** EXERCISE DETAILS **
Below are entries to reproduce exactly, apart from their pictures.

+ + + + + + +

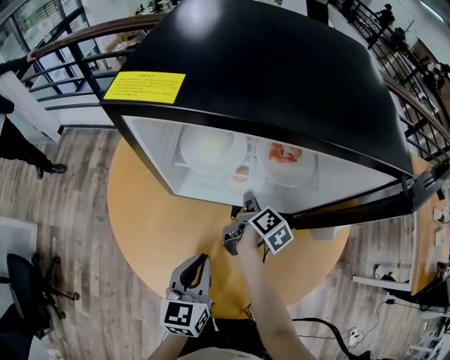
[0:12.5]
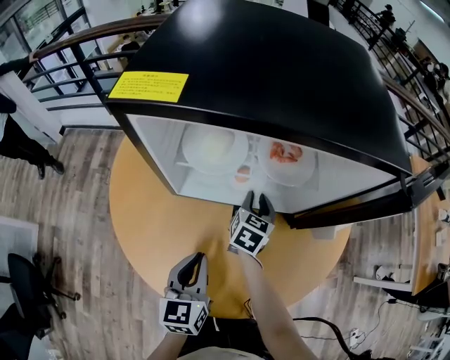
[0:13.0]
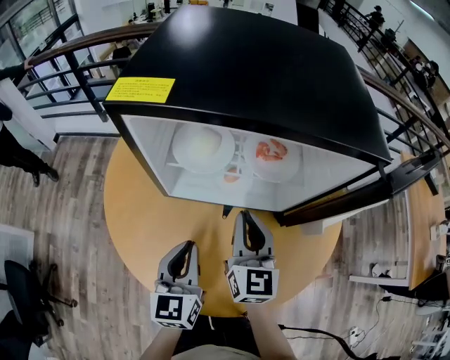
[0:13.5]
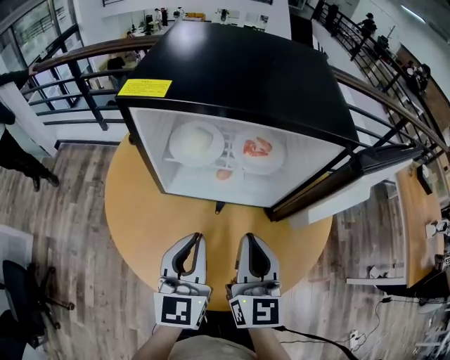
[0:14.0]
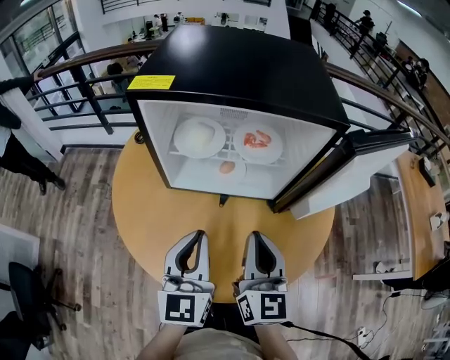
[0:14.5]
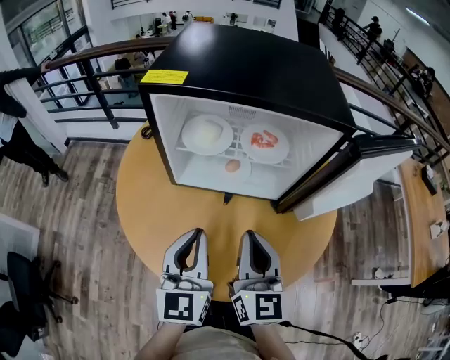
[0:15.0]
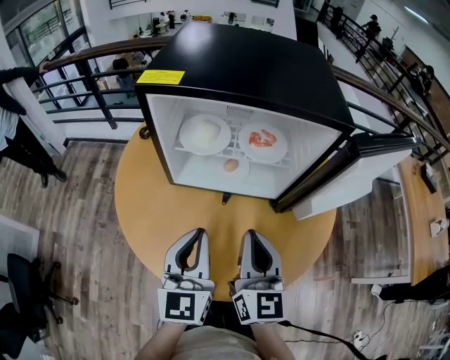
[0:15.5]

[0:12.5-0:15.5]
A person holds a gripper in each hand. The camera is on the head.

+ + + + + + +

** RESPONSE BELOW **
[0:12.5]
[0:13.0]
[0:13.5]
[0:14.0]
[0:14.5]
[0:15.0]
[0:15.5]

[0:12.5-0:15.5]
A person holds a gripper in each hand. The camera is on the head.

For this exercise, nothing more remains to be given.